[REQUIRED WORK] Set down each record exactly. Omit the pictures.

[EXTRACTED RECORDS]
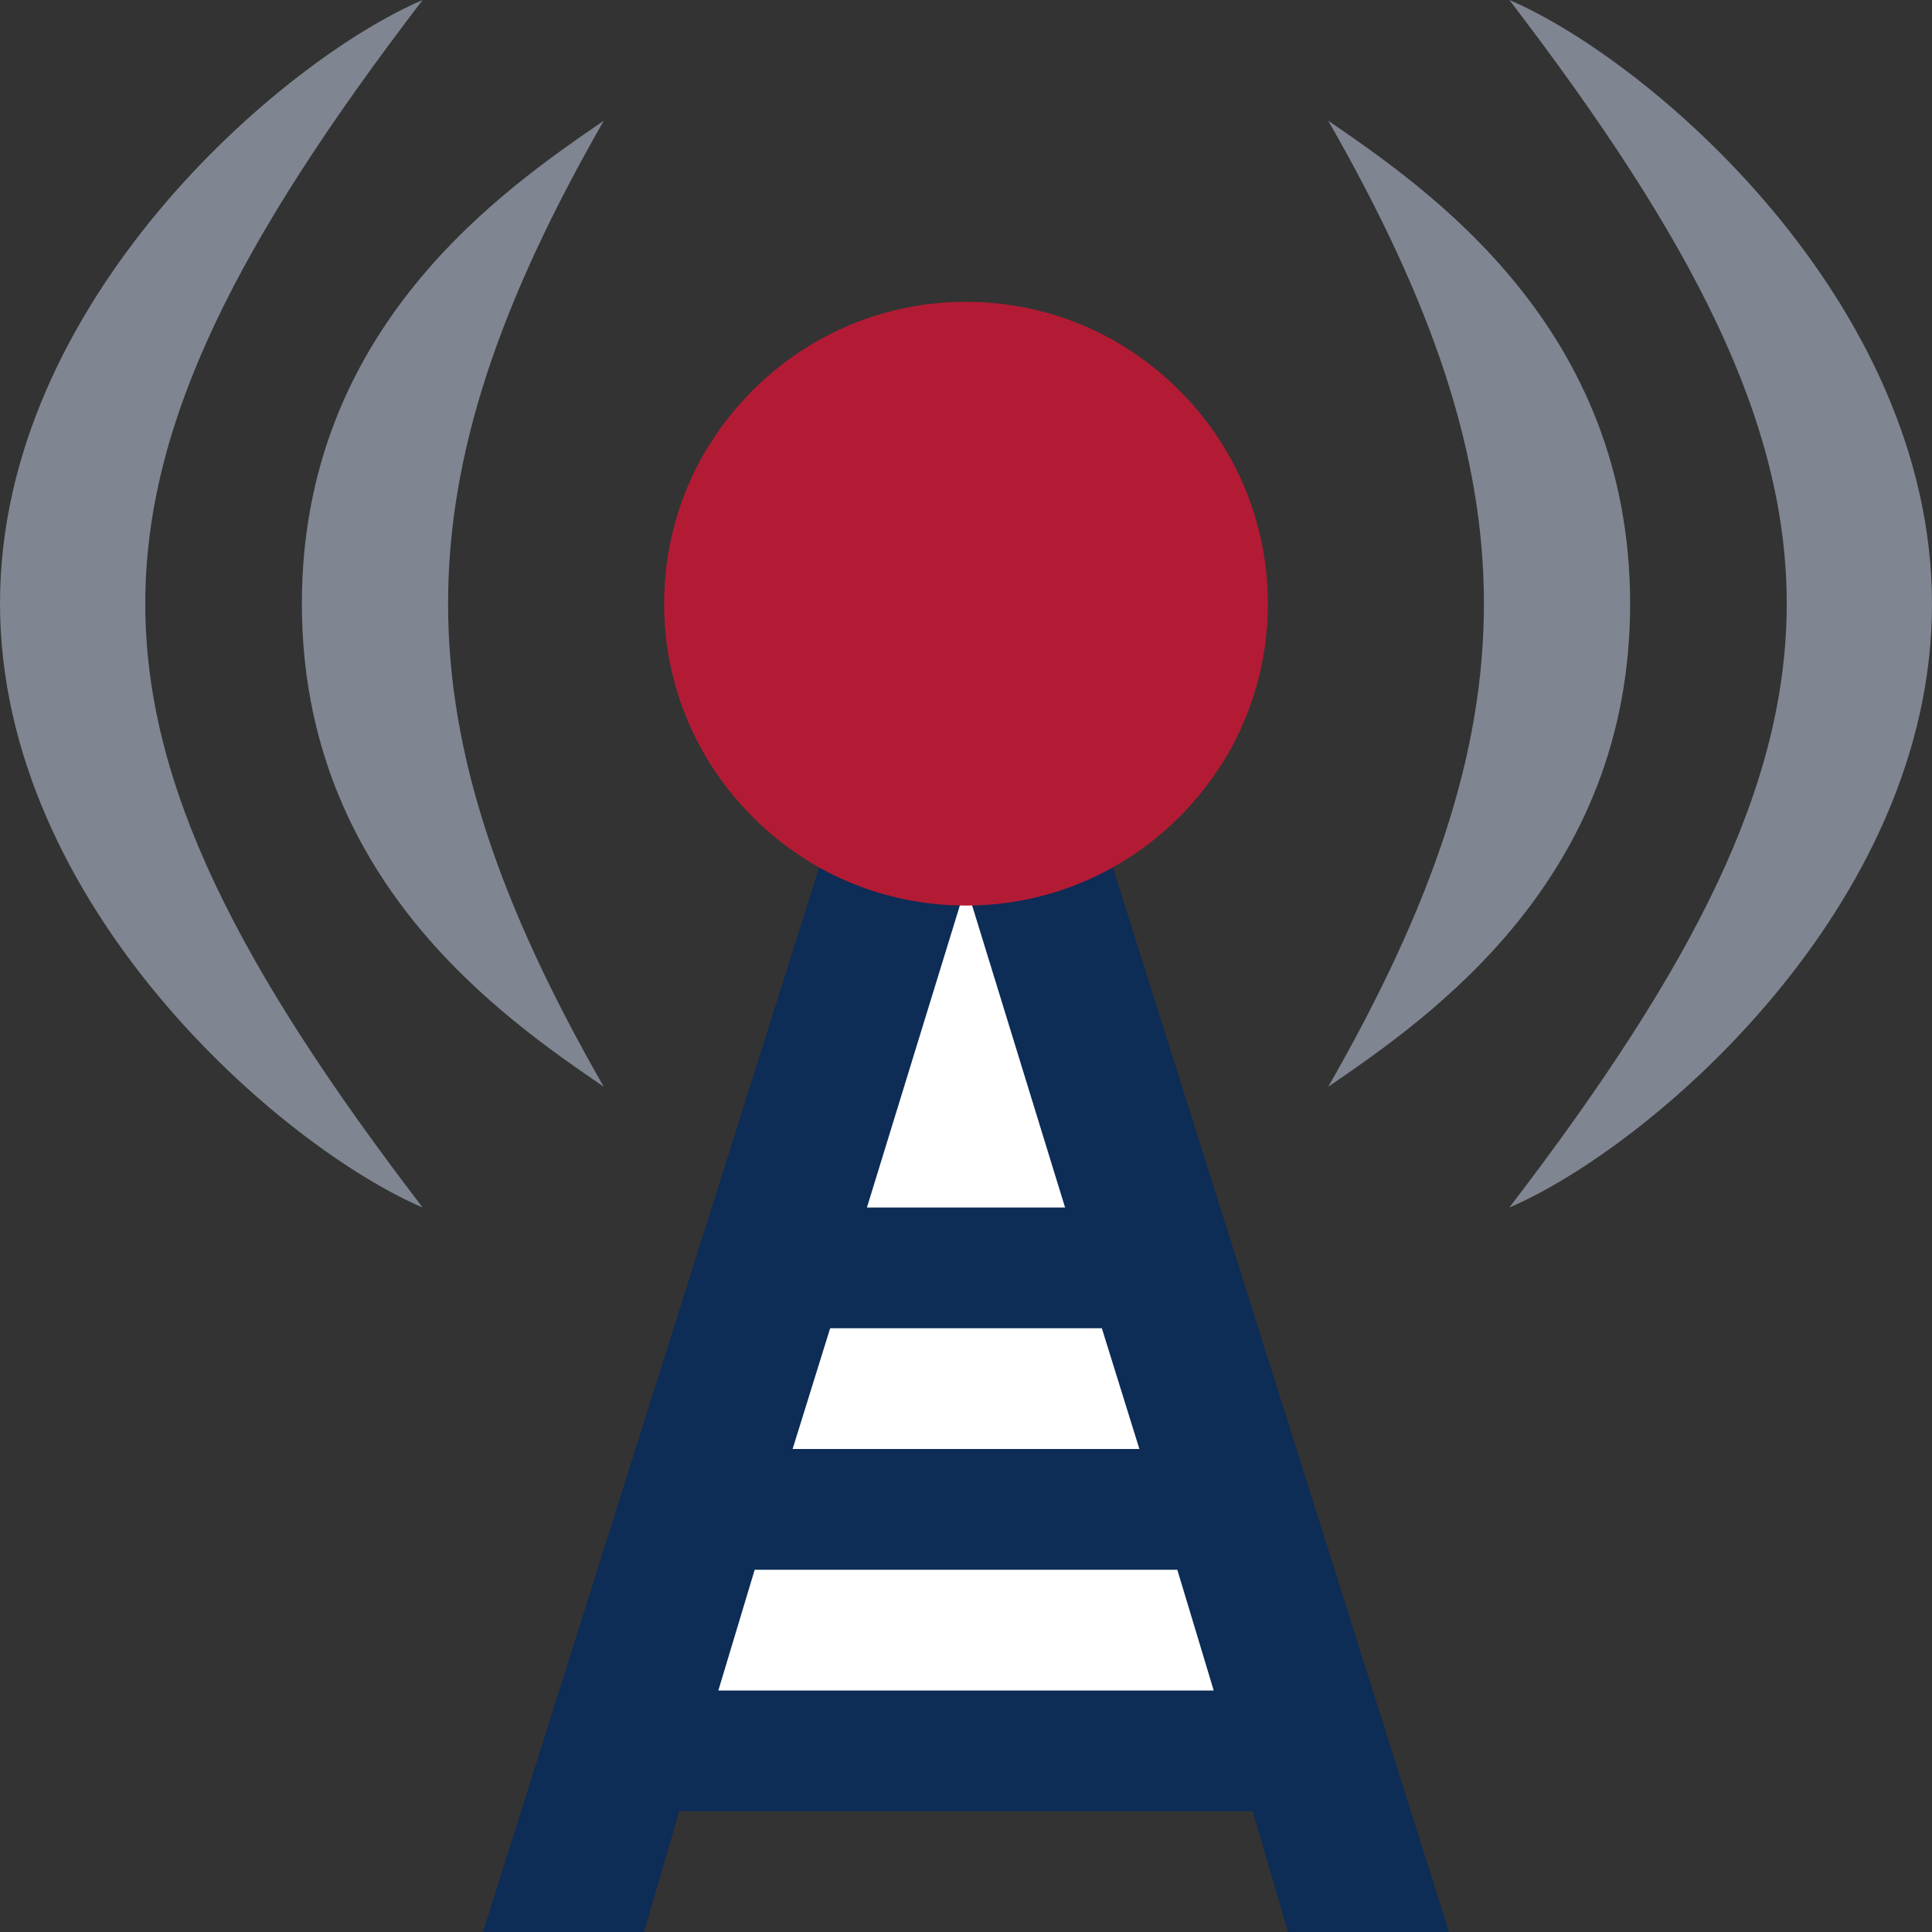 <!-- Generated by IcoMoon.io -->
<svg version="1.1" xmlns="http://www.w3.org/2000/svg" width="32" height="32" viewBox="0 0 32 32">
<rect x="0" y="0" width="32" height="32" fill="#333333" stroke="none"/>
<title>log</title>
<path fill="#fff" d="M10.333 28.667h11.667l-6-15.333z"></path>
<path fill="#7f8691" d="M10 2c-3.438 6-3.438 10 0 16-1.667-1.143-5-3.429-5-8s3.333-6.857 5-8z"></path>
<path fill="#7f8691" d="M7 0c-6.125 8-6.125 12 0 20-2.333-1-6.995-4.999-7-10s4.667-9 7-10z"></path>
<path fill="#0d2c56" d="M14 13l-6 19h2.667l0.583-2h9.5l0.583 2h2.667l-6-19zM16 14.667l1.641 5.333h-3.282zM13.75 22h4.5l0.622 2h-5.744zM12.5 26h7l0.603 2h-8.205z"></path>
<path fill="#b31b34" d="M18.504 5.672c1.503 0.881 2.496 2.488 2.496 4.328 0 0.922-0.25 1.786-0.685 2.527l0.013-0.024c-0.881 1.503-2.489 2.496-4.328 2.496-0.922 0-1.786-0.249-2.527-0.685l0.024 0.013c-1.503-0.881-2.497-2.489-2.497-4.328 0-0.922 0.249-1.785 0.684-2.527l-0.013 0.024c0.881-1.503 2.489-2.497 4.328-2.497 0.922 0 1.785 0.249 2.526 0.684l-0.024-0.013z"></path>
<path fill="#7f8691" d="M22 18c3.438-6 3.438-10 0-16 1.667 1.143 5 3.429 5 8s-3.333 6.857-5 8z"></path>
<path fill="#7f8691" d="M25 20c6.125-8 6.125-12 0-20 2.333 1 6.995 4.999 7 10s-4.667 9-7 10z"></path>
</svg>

[ANSWER FOR THE TASK]
 <!-- Generated by IcoMoon.io -->
<svg version="1.1" xmlns="http://www.w3.org/2000/svg" width="32" height="32" viewBox="0 0 32 32">
<rect x="0" y="0" width="32" height="32" fill="#333333" stroke="none"/>
<title>log</title>
<path fill="#fff" d="M10.333 28.667h11.667l-6-15.333z"></path>
<path fill="#7f8691" d="M10 2c-3.438 6-3.438 10 0 16-1.667-1.143-5-3.429-5-8s3.333-6.857 5-8z"></path>
<path fill="#7f8691" d="M7 0c-6.125 8-6.125 12 0 20-2.333-1-6.995-4.999-7-10s4.667-9 7-10z"></path>
<path fill="#0d2c56" d="M14 13l-6 19h2.667l0.583-2h9.5l0.583 2h2.667l-6-19zM16 14.667l1.641 5.333h-3.282zM13.75 22h4.5l0.622 2h-5.744zM12.5 26h7l0.603 2h-8.205z"></path>
<path fill="#b31b34" d="M18.504 5.672c1.503 0.881 2.496 2.488 2.496 4.328 0 0.922-0.25 1.786-0.685 2.527l0.013-0.024c-0.881 1.503-2.489 2.496-4.328 2.496-0.922 0-1.786-0.249-2.527-0.685l0.024 0.013c-1.503-0.881-2.497-2.489-2.497-4.328 0-0.922 0.249-1.785 0.684-2.527l-0.013 0.024c0.881-1.503 2.489-2.497 4.328-2.497 0.922 0 1.785 0.249 2.526 0.684l-0.024-0.013z"></path>
<path fill="#7f8691" d="M22 18c3.438-6 3.438-10 0-16 1.667 1.143 5 3.429 5 8s-3.333 6.857-5 8z"></path>
<path fill="#7f8691" d="M25 20c6.125-8 6.125-12 0-20 2.333 1 6.995 4.999 7 10s-4.667 9-7 10z"></path>
</svg>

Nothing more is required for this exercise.